Incorporating multimodal data into SMEW • smew

As well as in depth metabolomic analysis, SMEW also supports the integration of multimodal data, such as histology images (as detailed in the histology vignette) and bulk-level omics data such as transcriptomics or proteomics. This allows users to explore spatial metabolomics data in the context of other molecular or imaging modalities, providing richer biological insights and enabling more comprehensive analyses.

SMEW’s multi-omic integration is performed through multi-modal networks calculating covariation between metabolites, genes, and/or proteins at the sample level.

Input data format for multi-omic integration

To perform multi-omic integration in SMEW, you will need to provide an additional input file for your bulk-level omics data (e.g. transcriptomics or proteomics).

The data should be saved as a csv file with features (e.g. genes, proteins etc.) on rows and samples (which must match entries in the main object metadata Sample column) on columns like follows:

id	sample_1	sample_2	sample_3
gene_1	23.4	13.3	77.9
gene_2	60.7	56.9	43.1
gene_3	113.4	100.8	112.2
gene_4	12.5	10.8	46.7
gene_5	89.9	50.3	79.3
gene_6	54.4	30.9	46.0
	…	…	…

Performing multi-omic integration in SMEW

To perform multi-omic integration in SMEW, simply include your bulk-level omics data file when creating your app with create_smew_app().

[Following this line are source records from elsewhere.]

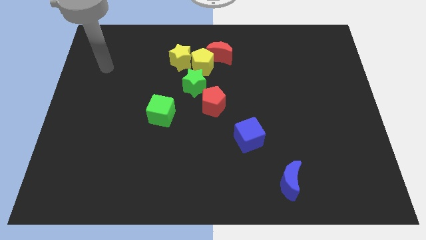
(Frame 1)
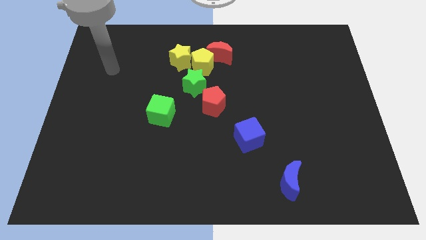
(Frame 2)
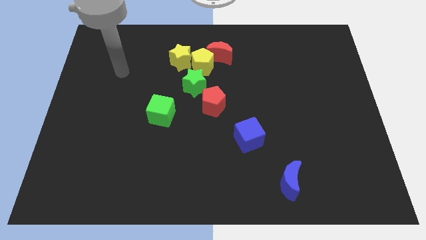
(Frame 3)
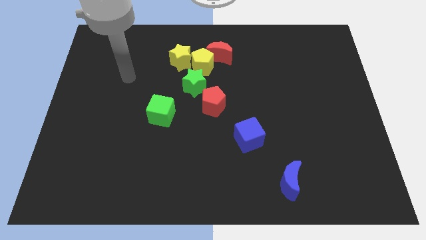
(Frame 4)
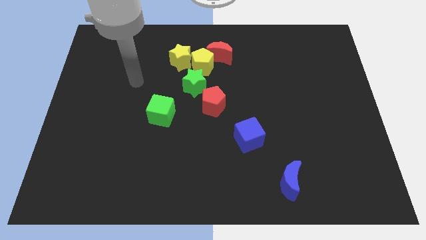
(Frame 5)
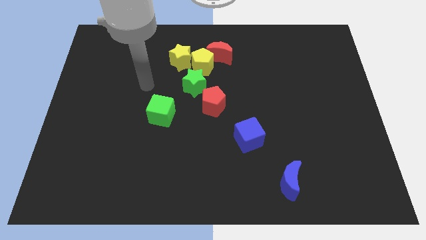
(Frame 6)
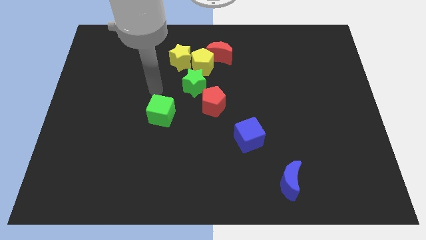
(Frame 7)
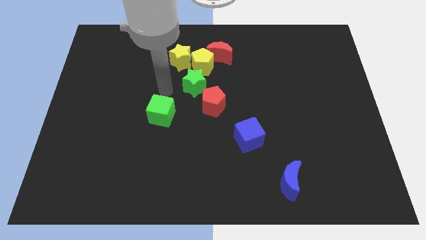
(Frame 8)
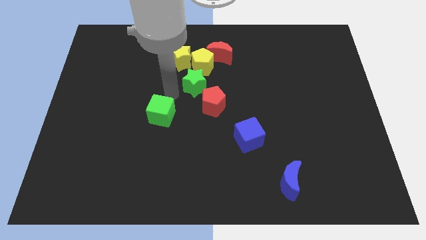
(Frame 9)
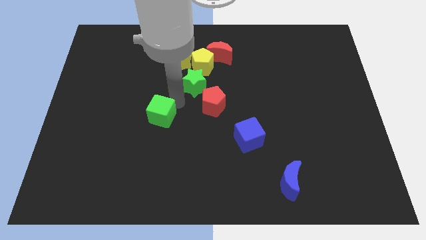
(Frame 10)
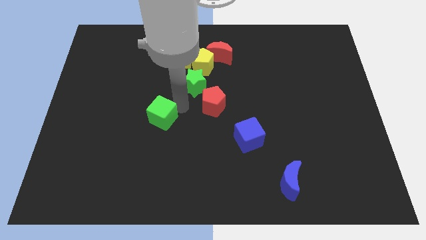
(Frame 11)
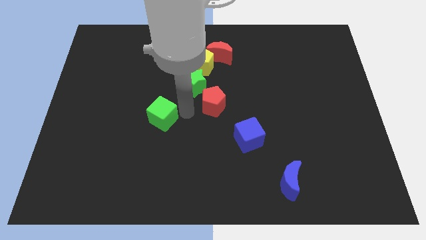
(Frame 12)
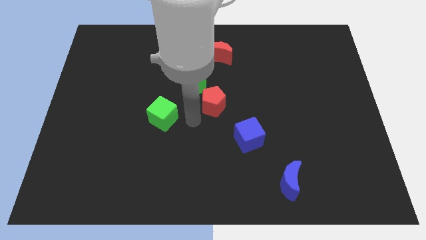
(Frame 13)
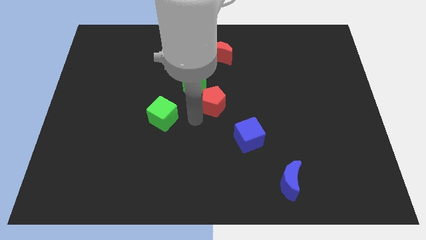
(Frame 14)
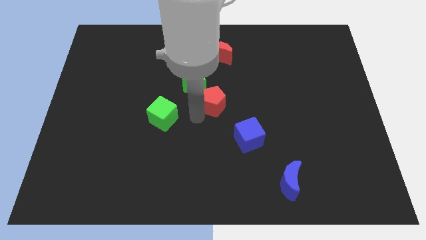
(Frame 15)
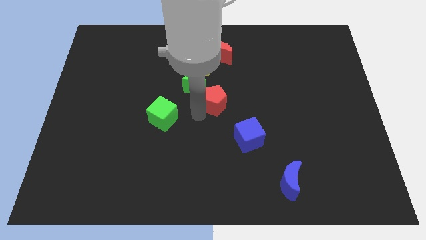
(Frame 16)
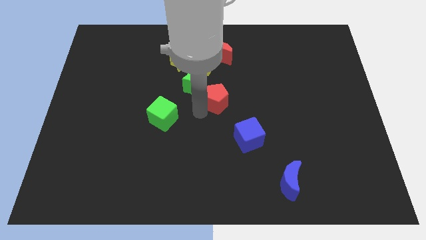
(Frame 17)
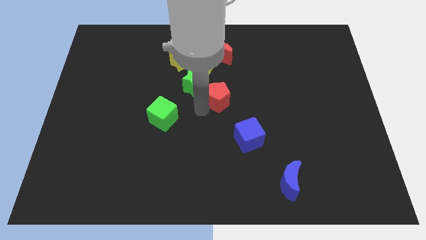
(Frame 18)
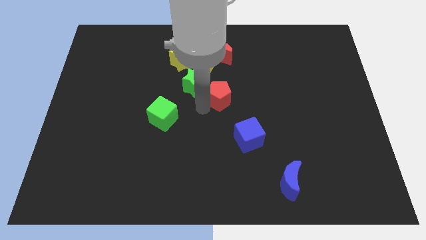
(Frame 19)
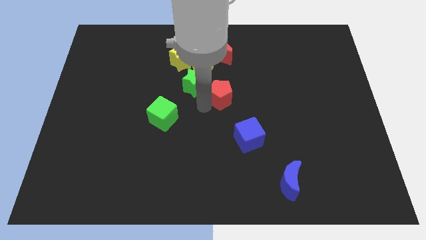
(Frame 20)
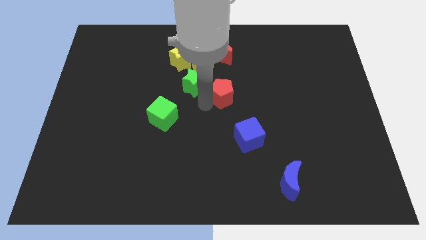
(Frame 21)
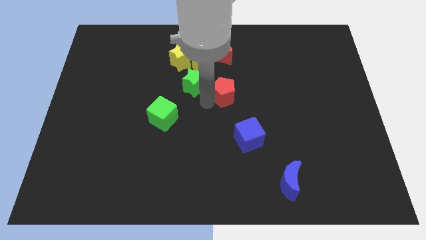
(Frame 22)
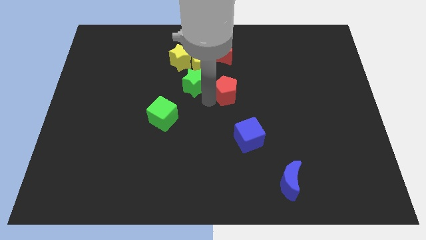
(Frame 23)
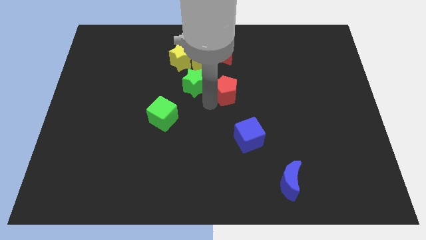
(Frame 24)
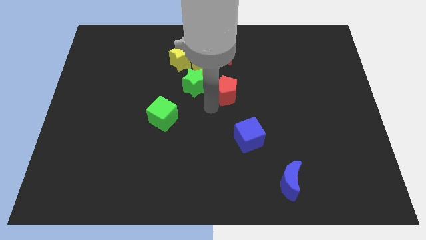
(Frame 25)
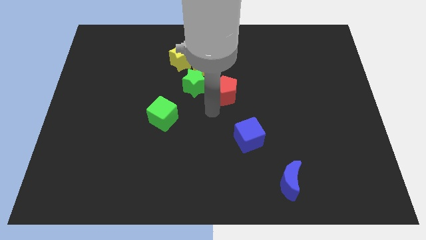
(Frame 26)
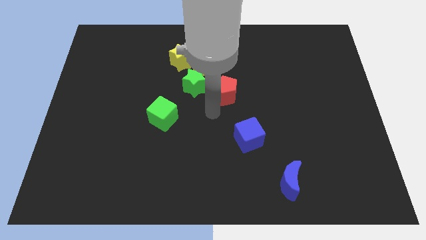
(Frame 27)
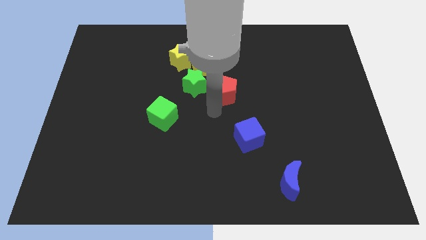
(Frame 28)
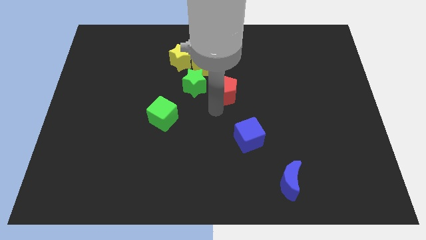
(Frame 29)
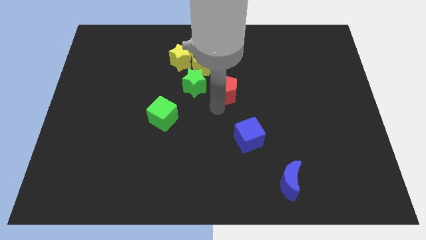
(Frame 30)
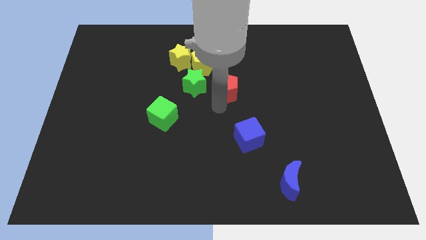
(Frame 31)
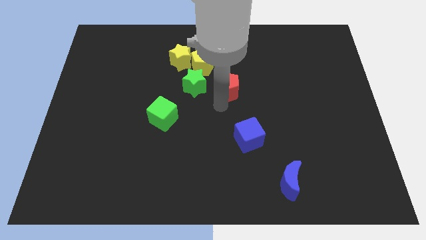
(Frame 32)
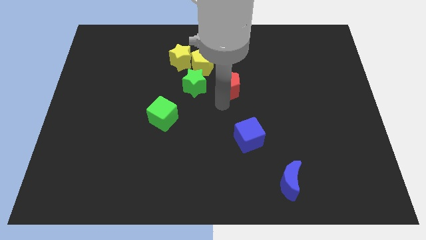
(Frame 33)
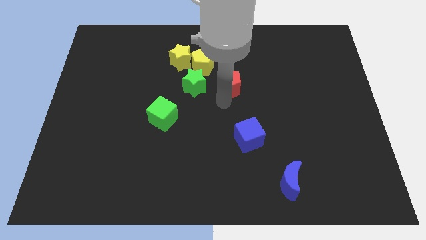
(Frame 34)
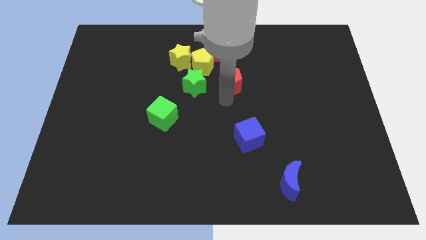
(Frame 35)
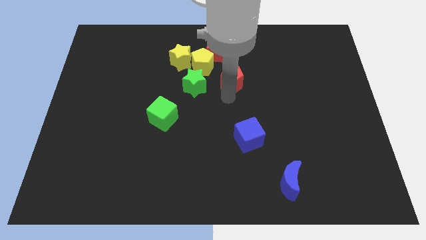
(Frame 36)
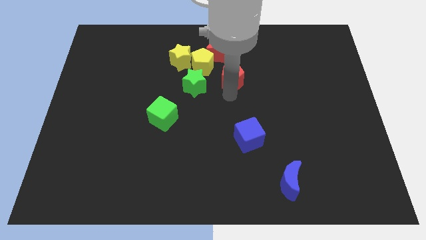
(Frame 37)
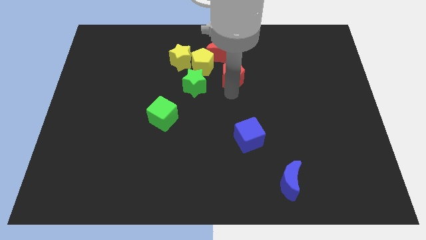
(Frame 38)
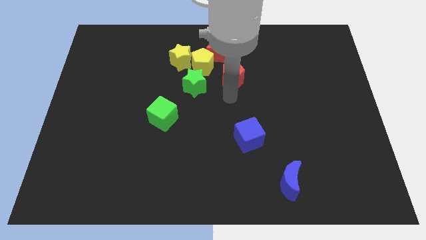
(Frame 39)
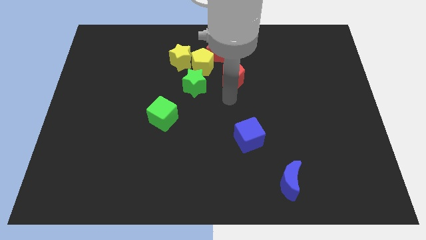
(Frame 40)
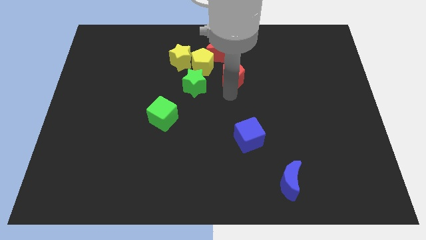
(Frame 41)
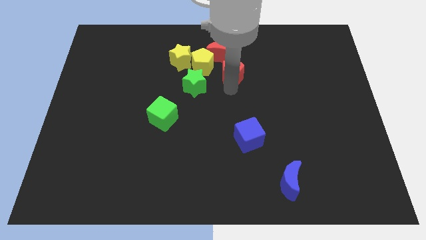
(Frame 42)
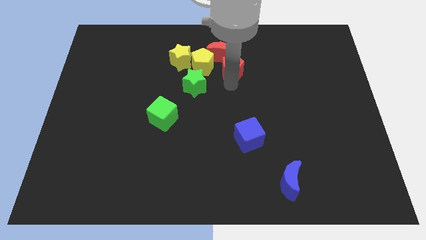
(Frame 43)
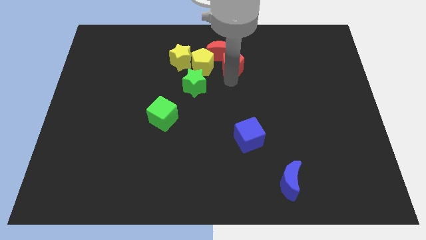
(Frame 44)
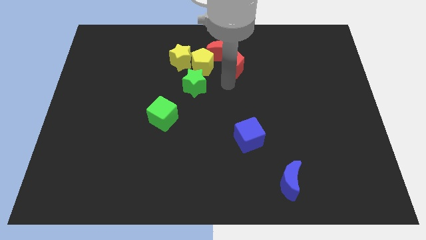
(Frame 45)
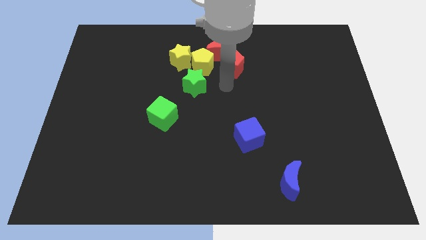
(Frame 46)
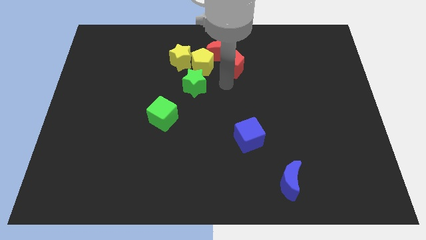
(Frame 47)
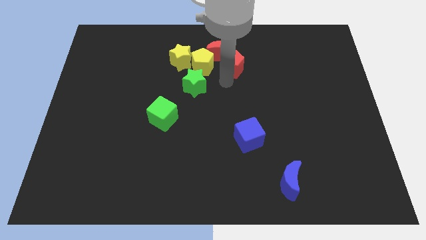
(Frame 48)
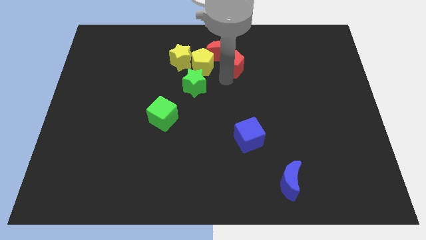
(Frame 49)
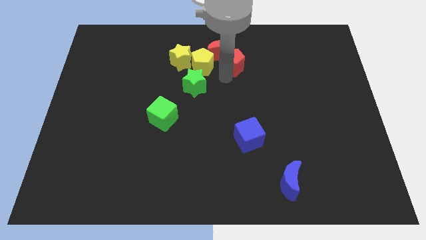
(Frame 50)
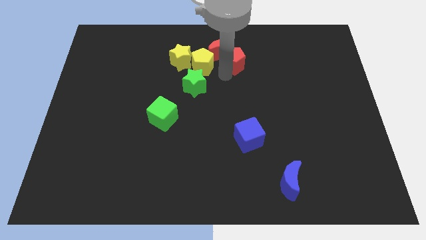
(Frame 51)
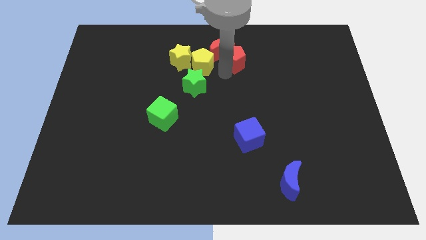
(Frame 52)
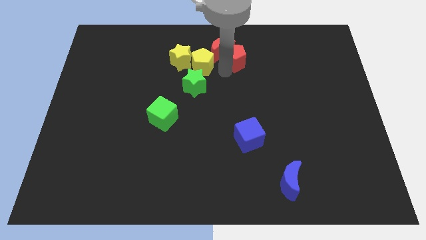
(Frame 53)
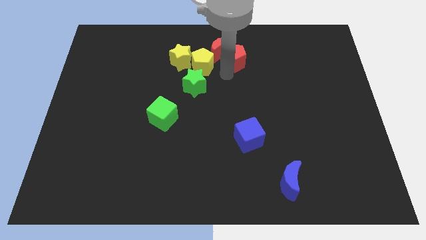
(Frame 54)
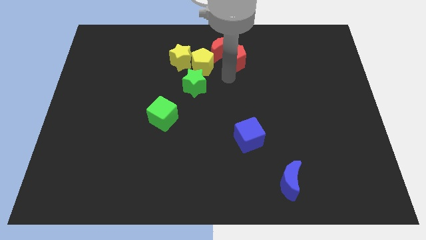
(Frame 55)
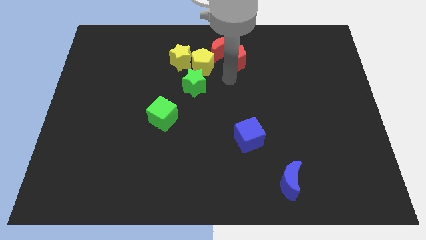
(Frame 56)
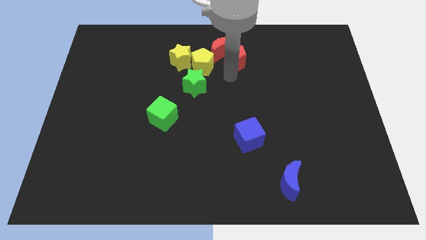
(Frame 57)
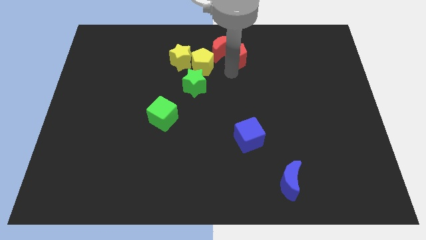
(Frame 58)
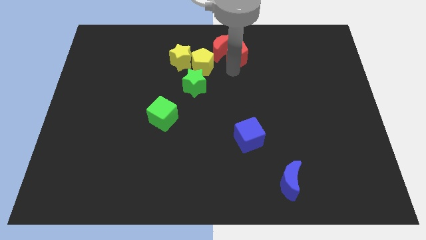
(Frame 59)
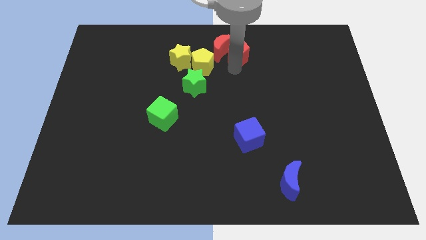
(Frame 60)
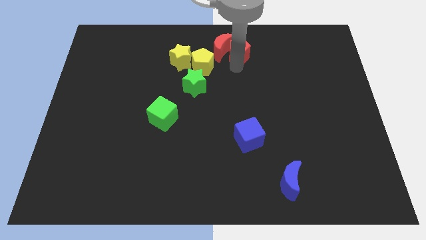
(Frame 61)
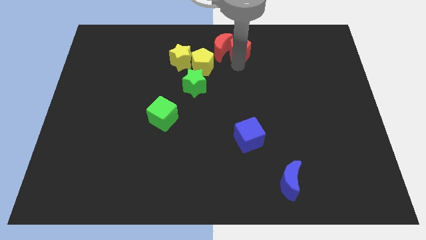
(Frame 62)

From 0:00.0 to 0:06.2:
push the red pentagon to the towards your base

In the ‘Multi-modal covariation network inference’ tab, you can infer covariation networks between features in the MSI data and features in the bulk-level data. This allows users to explore relationships between different types of data and identify multi-modal patterns of variation that may be relevant to their biological question. Here the peak node colours remain the same as the previous network, while other modality targets are shown in light pink, overlapping other modality peaks are shown in dark pink and non-overlapping other modality peaks are shown in purple.

Multi-modal covariation network inference

It is worth bearing in mind that covariation networks can be dominated by the larger modality and so it may be a good idea to limit the number of features in the bulk-level data to the most variable or most relevant features to ensure that the resulting network is not dominated by the comparatively large number of genes or proteins compared to metabolite peaks.